Чуткий слух этого официального создания, её почти безошибочная интуиция помогали ей угадывать двусмысленные, тайные намерения, созревавшие где-то в высших сферах. Опершись подбородком на ладонь, опустив плечи, она со своими завитыми волосами и острым, но лукавым взглядом, казалось, вся превратилась в вопросительный знак. Флейшман зевнул, прикрыв рот рукой. Гордеев, чтобы скрыть своё смущение, вынул из шкафа бутылку коньяка и стал расставлять рюмки.

– Мартель или армянский?

Прокурор Рачевский, понимая, что все будут молчать, пока он не выскажется, начал так:

– Для этого дела, действительно явно политического, возможно лишь политическое решение. Результаты следствия как такового имеют для нас второстепенное значение... По мнению криминалистов старой школы, с которыми мы в данном случае согласны, «quid prodest»...

– Очень хорошо, – сказала Зверева.

Лицо прокурора Рачевского было, казалось, вылеплено из твёрдой, нездоровой плоти и состояло из двух неравных половинок: одна была шире другой.
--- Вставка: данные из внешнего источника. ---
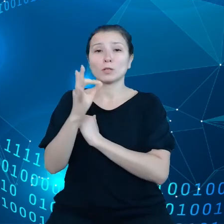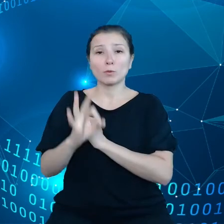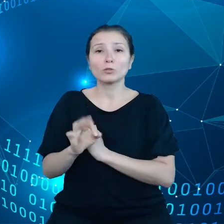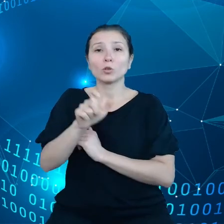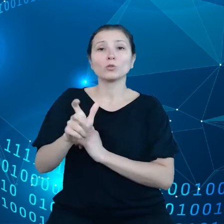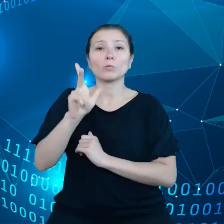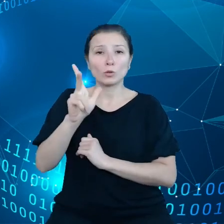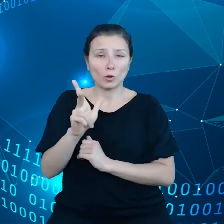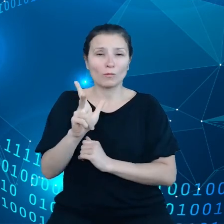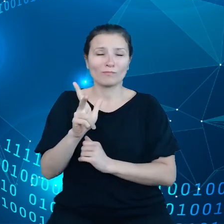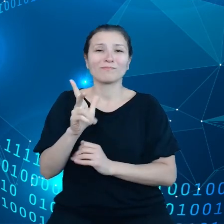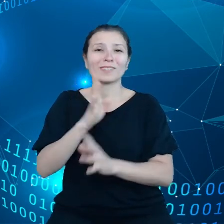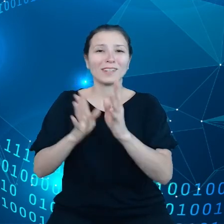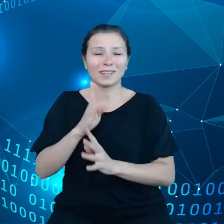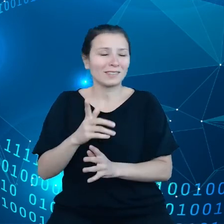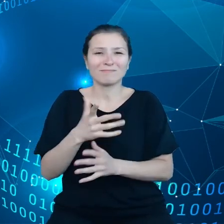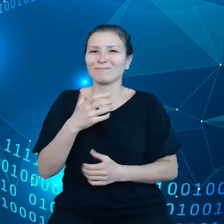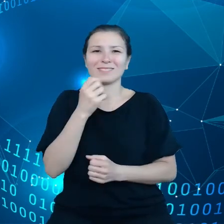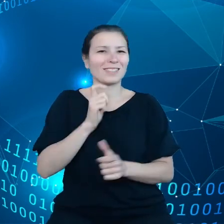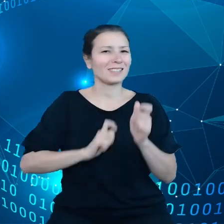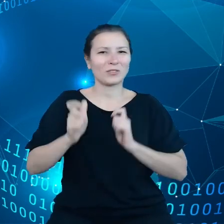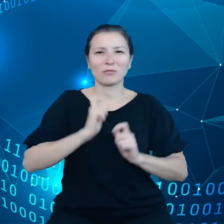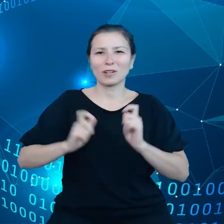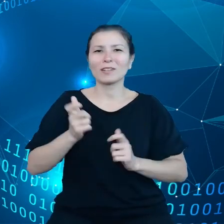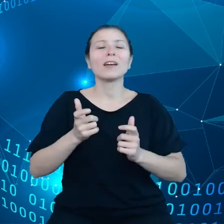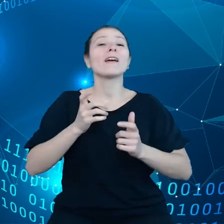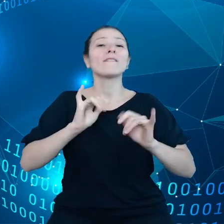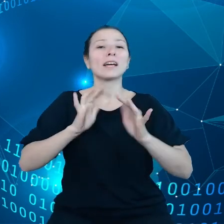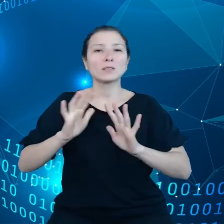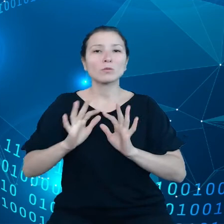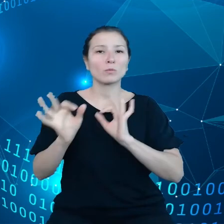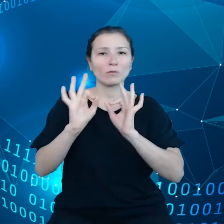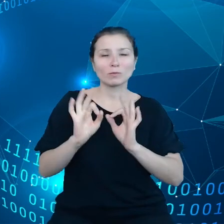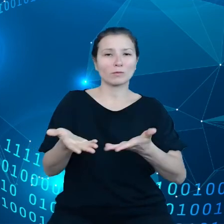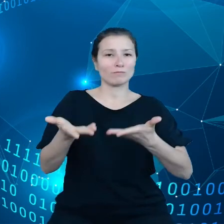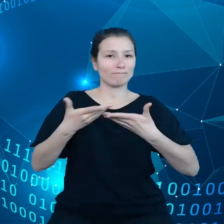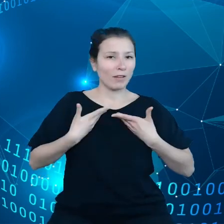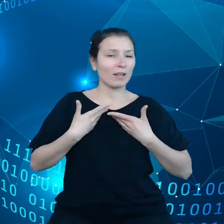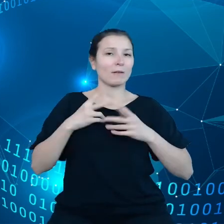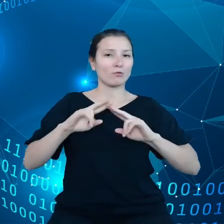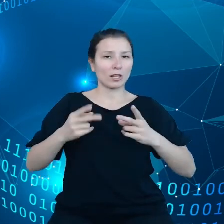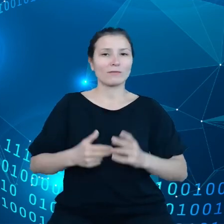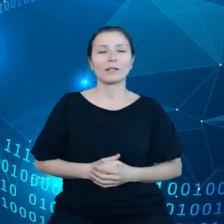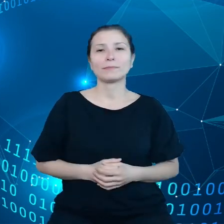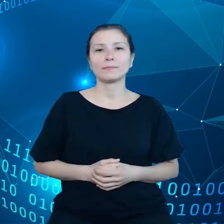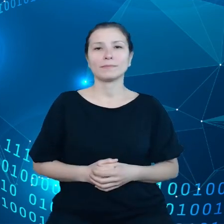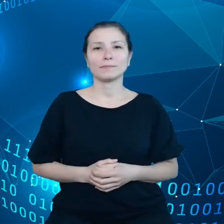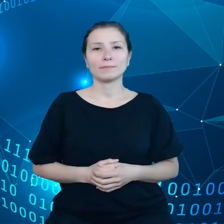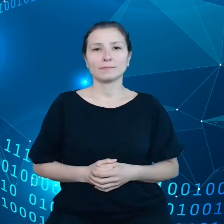jaka jest im udostępniana. Zatem w widzimy, że w ramach RODO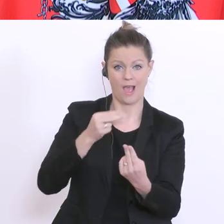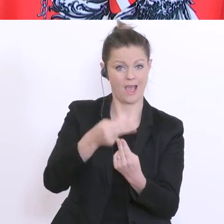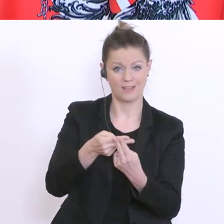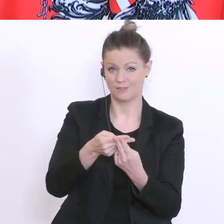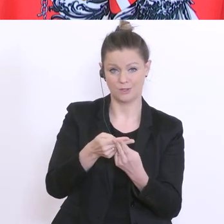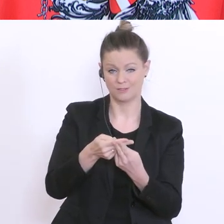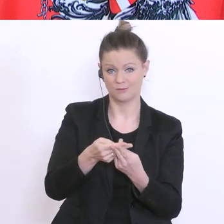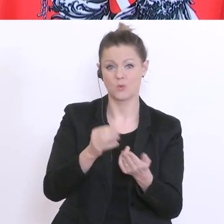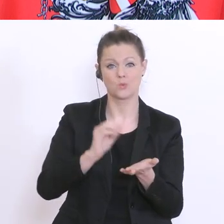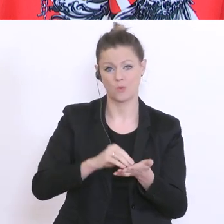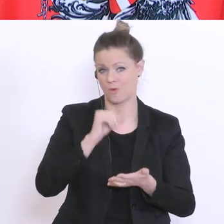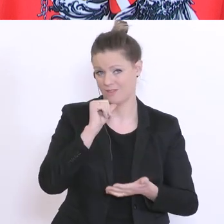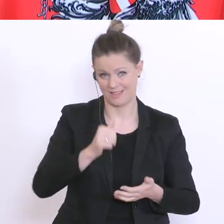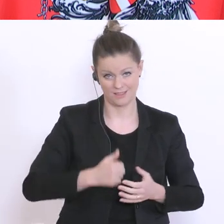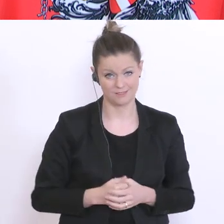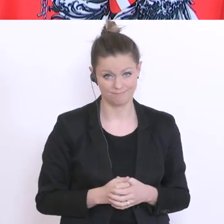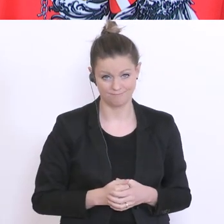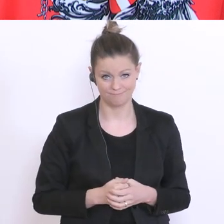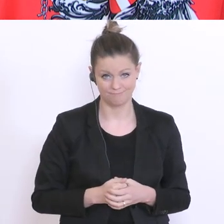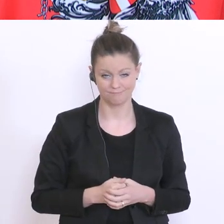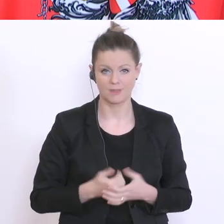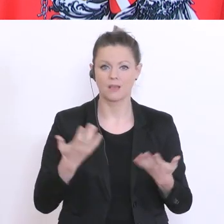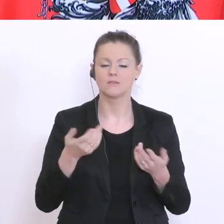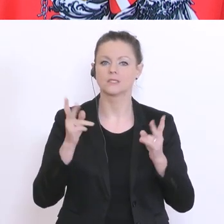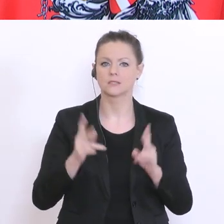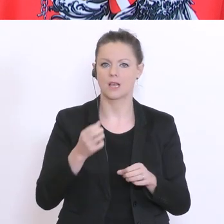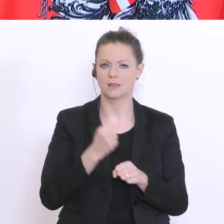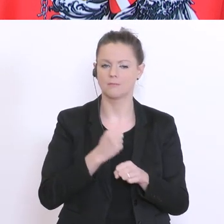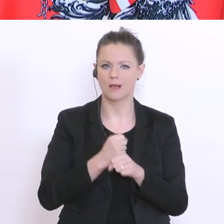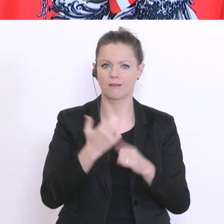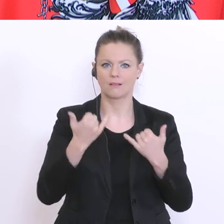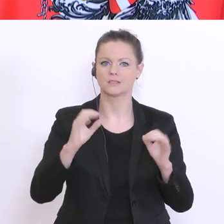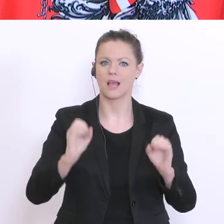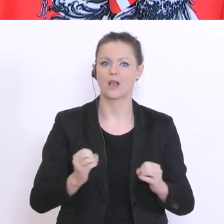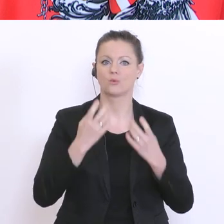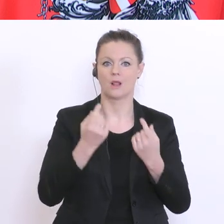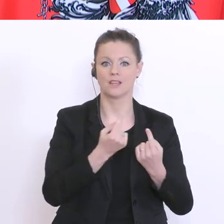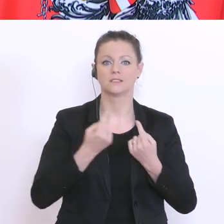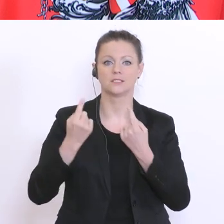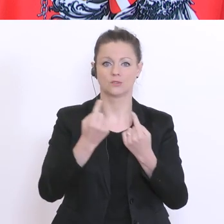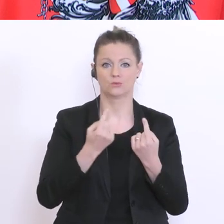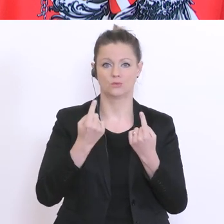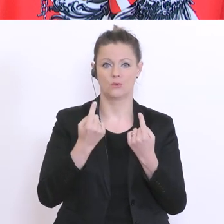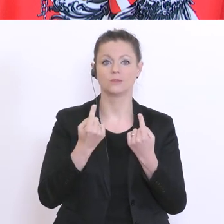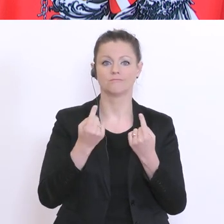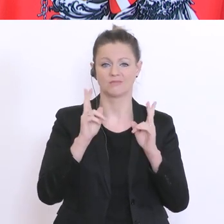bereitstellen. Was ich tun kann, ist lediglich auf die aktuelle Situation zu reagieren und das tun

Всё оно было вогнутым, от выпуклого лба до круглого серого подбородка; горбатый, широкий у основания нос с чёрными волосатыми ноздрями придавал этому лицу властное выражение. Цвет лица был румяный, местами лиловатый. Карие глаза навыкате – мутные шарики – омрачали общее впечатление.

Прокурор всего несколько лет тому назад, в страшную эпоху, вынырнул на поверхность из глубины своего угрюмого существования, заполненного неприятными, тёмными и опасными делами, с которыми он справлялся с упорством рабочей скотины и без всякой для себя выгоды. Вынесенный внезапно на вершину, он перестал пить, потому что боялся в пьяном виде проговориться. Бывало, раньше, когда находило на него тёплое и облегчающее опьянение, ему случалось так выражаться о себе: «Я – рабочая кляча... Тащу за собой старую борону правосудия... Только эту свою борозду и знаю, ха-ха! Мне кричат: пошёл! И я иду. Щёлкнут языком – я остановлюсь. Я – скотина революционного долга; ну, пошёл, Сивка, ха-ха!» А потом он испытывал глубокую неприязнь к тем друзьям, которые слышали от него такие слова.